— Task —
When copying the entries below, leave out every picture and keep the rest exact.

[[ Data provided, beginning ]]

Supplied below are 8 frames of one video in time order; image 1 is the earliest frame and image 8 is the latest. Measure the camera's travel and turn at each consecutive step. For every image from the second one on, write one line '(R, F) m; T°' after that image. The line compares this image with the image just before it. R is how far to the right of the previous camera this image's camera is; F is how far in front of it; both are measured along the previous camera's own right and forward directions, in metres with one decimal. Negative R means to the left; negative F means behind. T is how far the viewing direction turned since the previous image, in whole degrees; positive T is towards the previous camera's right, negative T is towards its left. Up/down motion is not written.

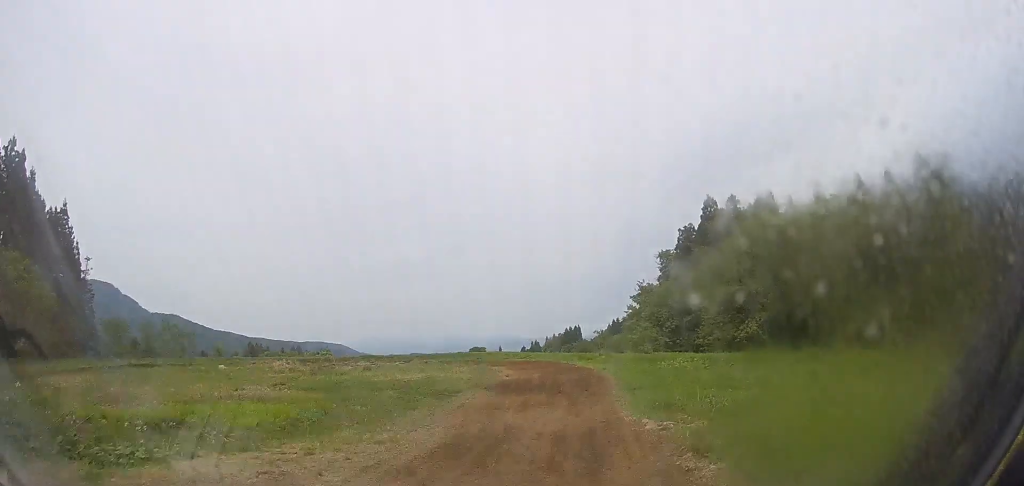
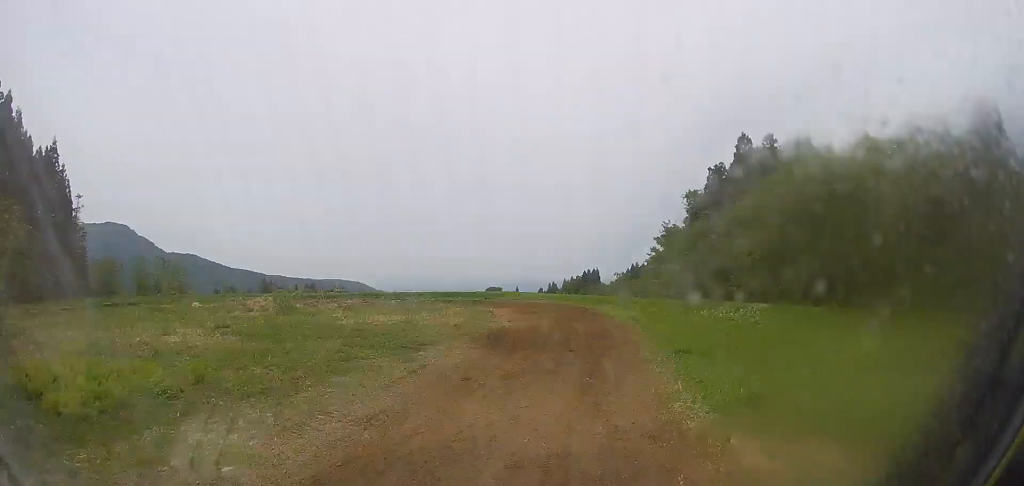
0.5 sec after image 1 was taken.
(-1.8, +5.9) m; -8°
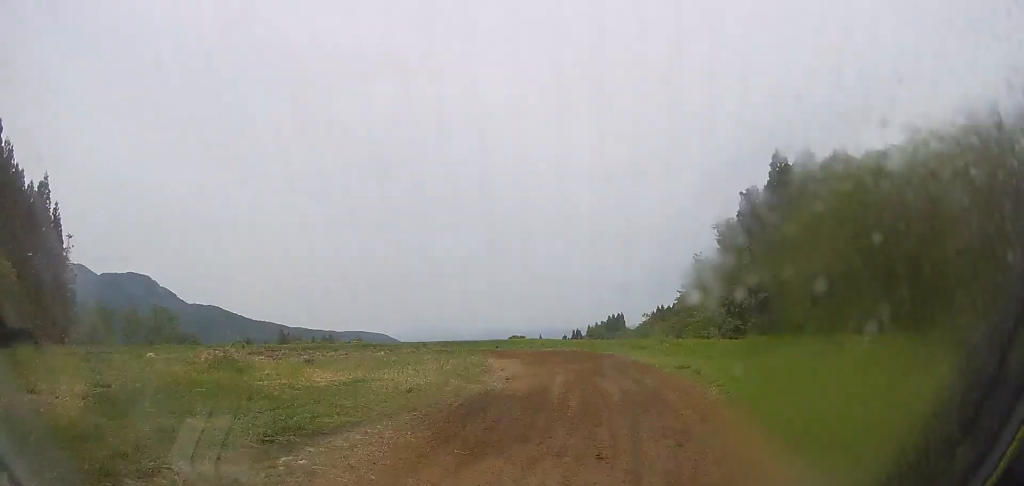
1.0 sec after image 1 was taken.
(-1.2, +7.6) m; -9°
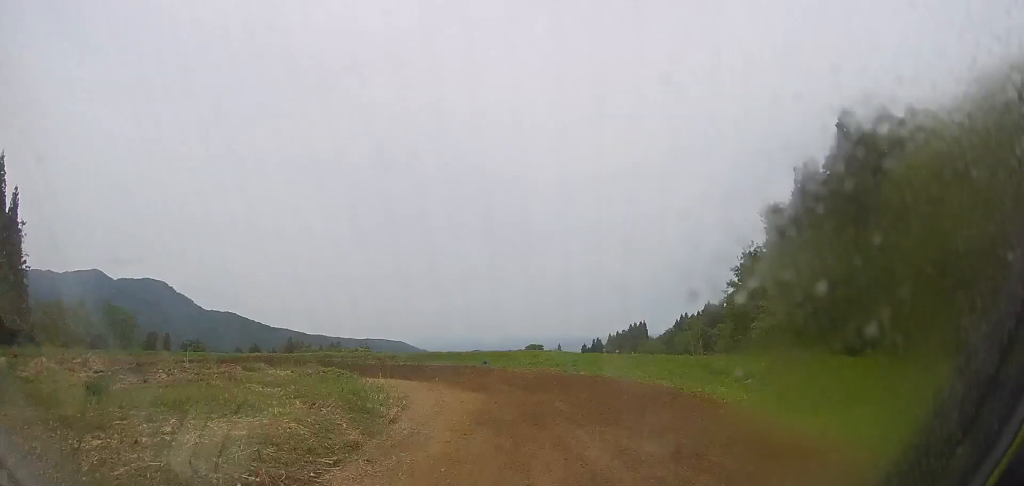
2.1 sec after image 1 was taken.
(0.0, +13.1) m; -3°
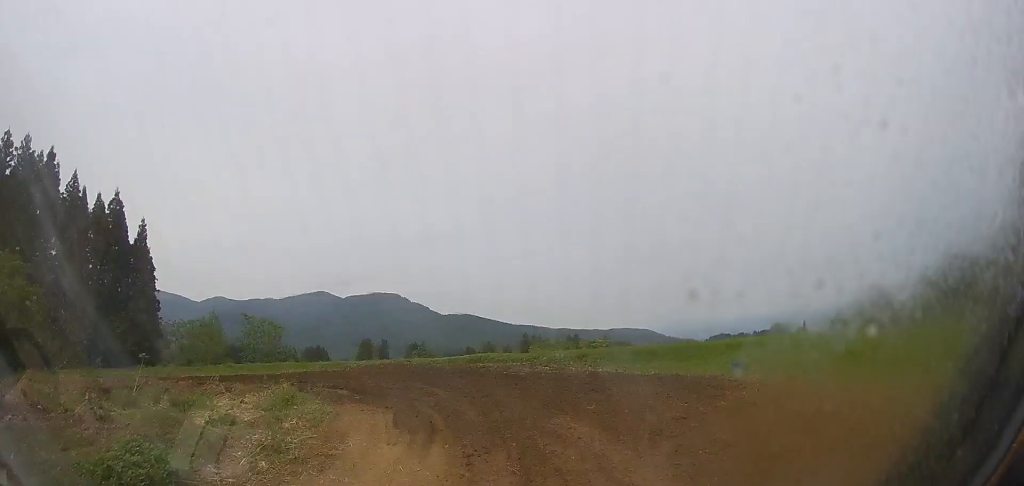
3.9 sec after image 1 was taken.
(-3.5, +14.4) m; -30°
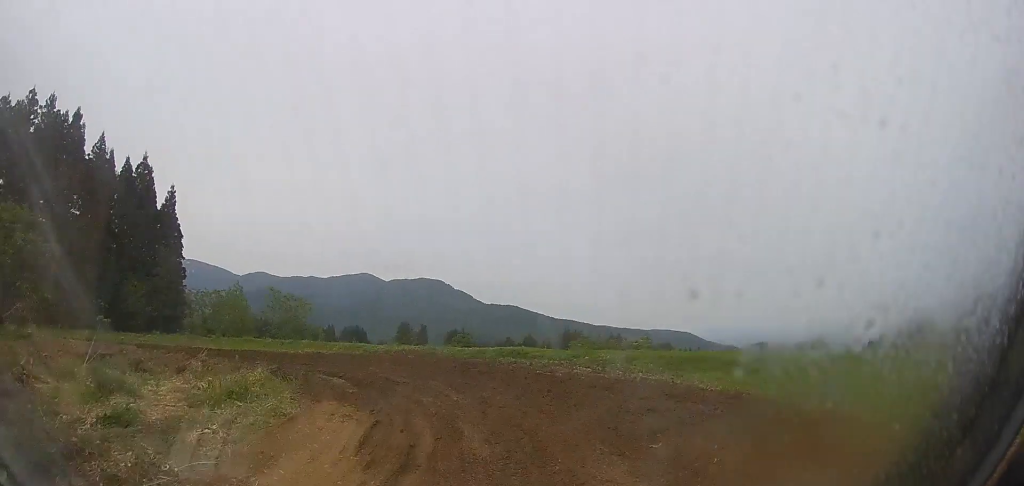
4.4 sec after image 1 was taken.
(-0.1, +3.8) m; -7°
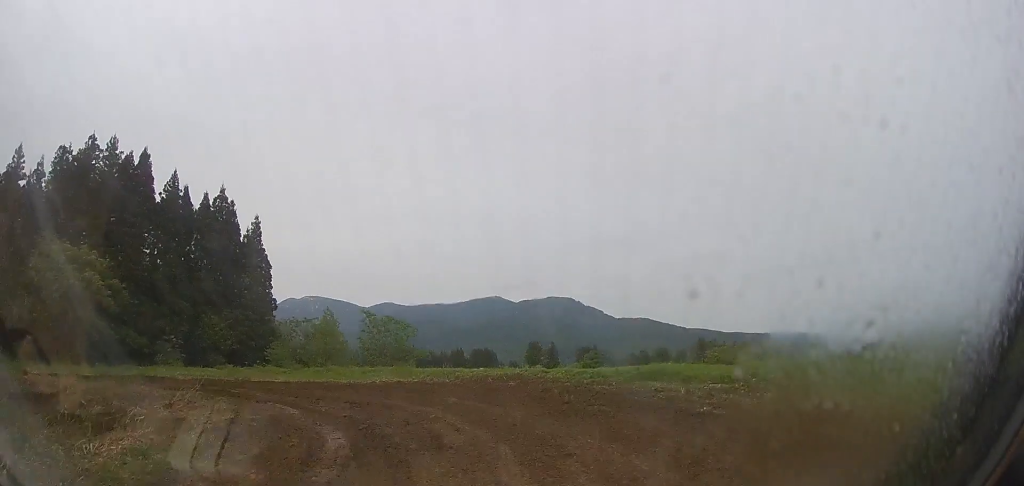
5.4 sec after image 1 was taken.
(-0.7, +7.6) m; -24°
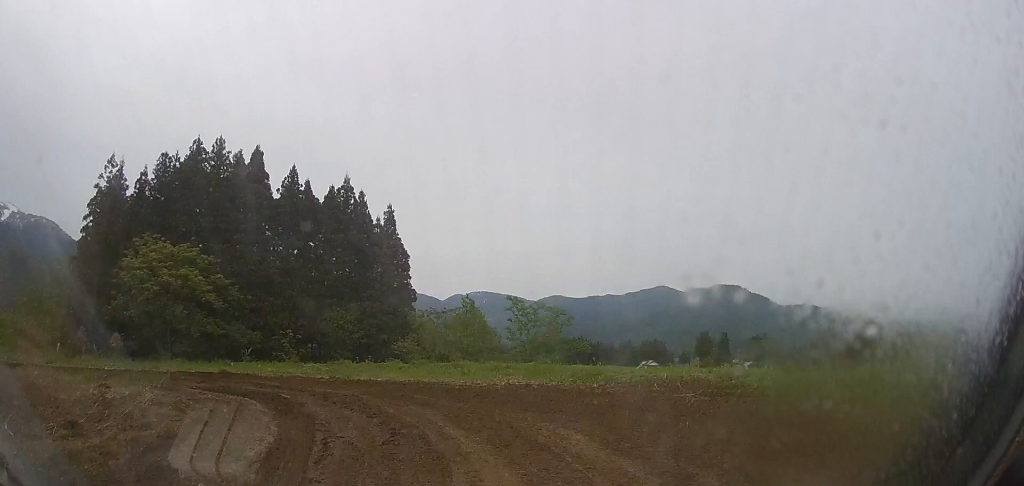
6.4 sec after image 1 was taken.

[[ Data provided, end ]]

— Answer for the task —
Supplied below are 8 frames of one video in time order; image 1 is the earliest frame and image 8 is the latest. Measure the camera's travel and turn at each consecutive step. For every image from the second one on, write one line '(R, F) m; T°' after that image. The line compares this image with the image just before it. R is how far to the right of the previous camera this image's camera is; F is how far in front of it; both are measured along the previous camera's own right and forward directions, in metres with one decimal. Negative R means to the left; negative F means behind. T is how far the viewing direction turned since the previous image, in whole degrees; positive T is towards the previous camera's right, negative T is towards its left. Up/down motion is not written.

0.5 sec after image 1 was taken.
(-1.8, +5.9) m; -8°
1.0 sec after image 1 was taken.
(-1.2, +7.6) m; -9°
2.1 sec after image 1 was taken.
(0.0, +13.1) m; -3°
3.9 sec after image 1 was taken.
(-3.5, +14.4) m; -30°
4.4 sec after image 1 was taken.
(-0.1, +3.8) m; -7°
5.4 sec after image 1 was taken.
(-0.7, +7.6) m; -24°
6.4 sec after image 1 was taken.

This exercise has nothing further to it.